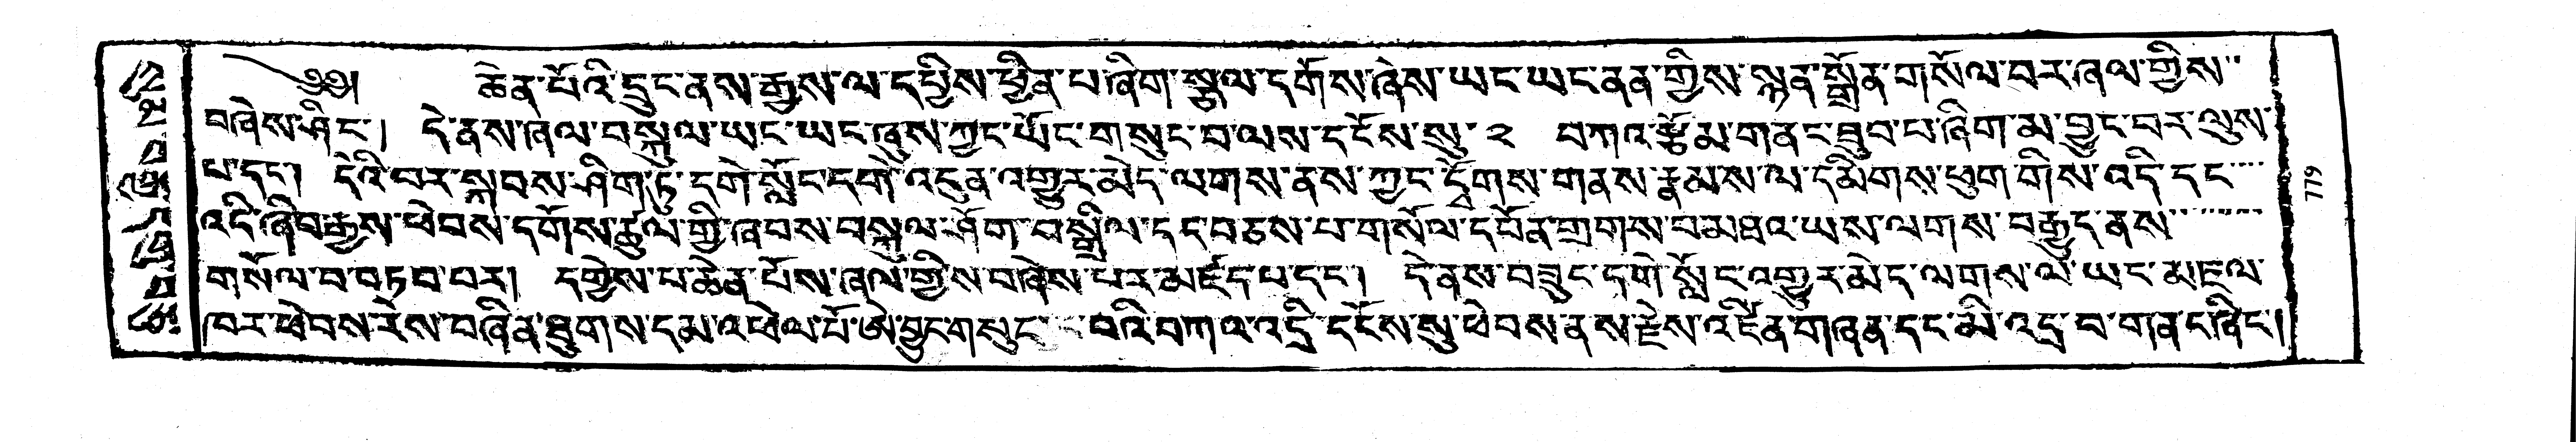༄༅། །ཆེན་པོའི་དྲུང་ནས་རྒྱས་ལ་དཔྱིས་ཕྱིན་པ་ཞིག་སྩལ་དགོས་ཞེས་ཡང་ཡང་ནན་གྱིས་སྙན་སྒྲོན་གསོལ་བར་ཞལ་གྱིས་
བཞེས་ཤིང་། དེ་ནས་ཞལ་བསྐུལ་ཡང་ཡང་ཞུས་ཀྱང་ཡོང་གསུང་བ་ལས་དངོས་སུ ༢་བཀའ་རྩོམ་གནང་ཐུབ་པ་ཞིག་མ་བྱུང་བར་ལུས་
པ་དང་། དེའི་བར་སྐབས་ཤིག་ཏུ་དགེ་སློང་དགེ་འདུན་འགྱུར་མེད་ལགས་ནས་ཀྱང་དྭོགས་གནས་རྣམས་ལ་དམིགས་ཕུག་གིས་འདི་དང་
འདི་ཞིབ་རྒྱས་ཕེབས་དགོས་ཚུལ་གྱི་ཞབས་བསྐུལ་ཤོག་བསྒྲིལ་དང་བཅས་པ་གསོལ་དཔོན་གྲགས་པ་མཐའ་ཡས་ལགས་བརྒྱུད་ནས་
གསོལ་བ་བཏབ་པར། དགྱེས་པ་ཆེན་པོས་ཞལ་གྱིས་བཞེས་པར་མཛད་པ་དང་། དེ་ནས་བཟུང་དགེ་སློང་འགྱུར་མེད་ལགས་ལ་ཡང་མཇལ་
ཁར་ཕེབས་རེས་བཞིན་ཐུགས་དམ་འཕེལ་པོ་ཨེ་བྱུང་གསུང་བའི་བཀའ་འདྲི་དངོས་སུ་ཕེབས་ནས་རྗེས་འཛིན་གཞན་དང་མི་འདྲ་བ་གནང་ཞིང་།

☆ ☆ ☆ ☆ ☆

Exercise aim: Print each record exactly as it stands, skipping the pictures.

Finished task:
༄༅། །ཆེན་པོའི་དྲུང་ནས་རྒྱས་ལ་དཔྱིས་ཕྱིན་པ་ཞིག་སྩལ་དགོས་ཞེས་ཡང་ཡང་ནན་གྱིས་སྙན་སྒྲོན་གསོལ་བར་ཞལ་གྱིས་
བཞེས་ཤིང་། དེ་ནས་ཞལ་བསྐུལ་ཡང་ཡང་ཞུས་ཀྱང་ཡོང་གསུང་བ་ལས་དངོས་སུ ༢་བཀའ་རྩོམ་གནང་ཐུབ་པ་ཞིག་མ་བྱུང་བར་ལུས་
པ་དང་། དེའི་བར་སྐབས་ཤིག་ཏུ་དགེ་སློང་དགེ་འདུན་འགྱུར་མེད་ལགས་ནས་ཀྱང་དྭོགས་གནས་རྣམས་ལ་དམིགས་ཕུག་གིས་འདི་དང་
འདི་ཞིབ་རྒྱས་ཕེབས་དགོས་ཚུལ་གྱི་ཞབས་བསྐུལ་ཤོག་བསྒྲིལ་དང་བཅས་པ་གསོལ་དཔོན་གྲགས་པ་མཐའ་ཡས་ལགས་བརྒྱུད་ནས་
གསོལ་བ་བཏབ་པར། དགྱེས་པ་ཆེན་པོས་ཞལ་གྱིས་བཞེས་པར་མཛད་པ་དང་། དེ་ནས་བཟུང་དགེ་སློང་འགྱུར་མེད་ལགས་ལ་ཡང་མཇལ་
ཁར་ཕེབས་རེས་བཞིན་ཐུགས་དམ་འཕེལ་པོ་ཨེ་བྱུང་གསུང་བའི་བཀའ་འདྲི་དངོས་སུ་ཕེབས་ནས་རྗེས་འཛིན་གཞན་དང་མི་འདྲ་བ་གནང་ཞིང་།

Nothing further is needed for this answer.